[<prev] [next>] [<thread-prev] [thread-next>] [day] [month] [year] [list]
Message-Id: <6ac7b51b-376e-4fa9-a7a9-dc0f5da90f64@picoheart.com>
Date: Thu, 22 Jan 2026 21:48:27 +0800
From: "Yicong Yang" <yang.yicong@...oheart.com>
To: "Rafael J. Wysocki" <rafael@...nel.org>
Cc: <yang.yicong@...oheart.com>, "Greg KH" <gregkh@...uxfoundation.org>,
<lenb@...nel.org>, <tglx@...nel.org>, <dakr@...nel.org>,
<akpm@...ux-foundation.org>, <apatel@...tanamicro.com>, <pjw@...nel.org>,
<palmer@...belt.com>, <aou@...s.berkeley.edu>, <alex@...ti.fr>,
<geshijian@...oheart.com>, <weidong.wd@...oheart.com>,
<linux-acpi@...r.kernel.org>, <linux-kernel@...r.kernel.org>,
<linux-riscv@...ts.infradead.org>
Subject: Re: [PATCH 1/2] ACPI: scan: Use async schedule function for acpi_scan_clear_dep_fn
On 1/22/26 9:21 PM, Rafael J. Wysocki wrote:
> On Thu, Jan 22, 2026 at 1:43 PM Yicong Yang <yang.yicong@...oheart.com> wrote:
>>
>> On 1/22/26 6:29 PM, Greg KH wrote:
>>> On Thu, Jan 22, 2026 at 03:34:45PM +0800, Yicong Yang wrote:
>>>> The device object rescan in acpi_scan_clear_dep_fn is scheduled
>>>> in the system workqueue which is not guaranteed to be finished
>>>> before entering userspace. This will cause the problem that
>>>> some key devices are missed when the init task try to find them,
>>>> e.g. console devices and root devices (PCIe nvme, etc).

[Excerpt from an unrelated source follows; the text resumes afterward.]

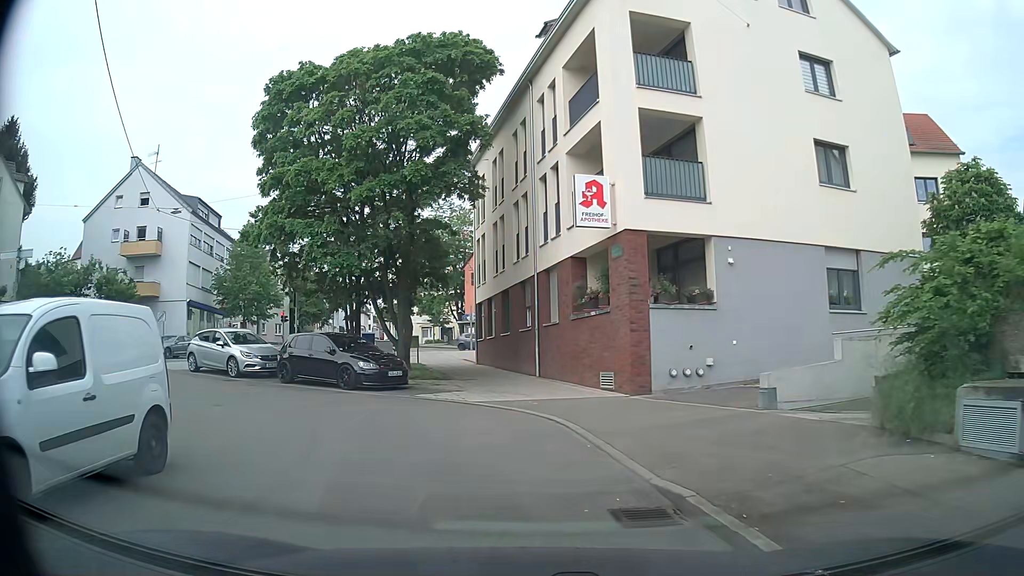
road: residential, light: Day
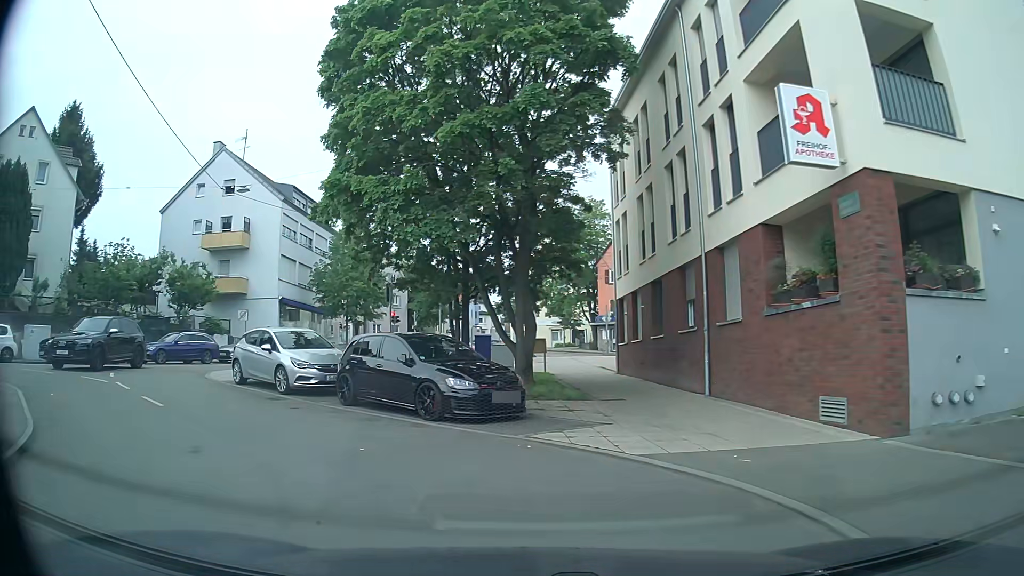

>>>> This issues is more possbile to happen on RISCV since these
>>>> devices using GSI interrupt may depend on APLIC and will be
>>>> scanned in acpi_scan_clear_dep_queue() after APLIC initialized.
>>>>
>>>> Fix this by scheduling the acpi_scan_clear_dep_queue() using async
>>>> schedule function rather than the system workqueue. The deferred
>>>> works will be synchronized by async_synchronize_full() before
>>>> entering init task.
>>>>
>>>> Update the comment as well.
>>>>
>>>> Signed-off-by: Yicong Yang <yang.yicong@...oheart.com>
>>>> ---
>>>> drivers/acpi/scan.c | 35 ++++++++++++++++-------------------
>>>> 1 file changed, 16 insertions(+), 19 deletions(-)
>>>>
>>>> diff --git a/drivers/acpi/scan.c b/drivers/acpi/scan.c
>>>> index 416d87f9bd10..bf0d8ba9ba19 100644
>>>> --- a/drivers/acpi/scan.c
>>>> +++ b/drivers/acpi/scan.c
>>>> @@ -5,6 +5,7 @@
>>>>
>>>> #define pr_fmt(fmt) "ACPI: " fmt
>>>>
>>>> +#include <linux/async.h>
>>>> #include <linux/module.h>
>>>> #include <linux/init.h>
>>>> #include <linux/slab.h>
>>>> @@ -2365,39 +2366,35 @@ struct acpi_scan_clear_dep_work {
>>>> struct acpi_device *adev;
>>>> };
>>>>
>>>> -static void acpi_scan_clear_dep_fn(struct work_struct *work)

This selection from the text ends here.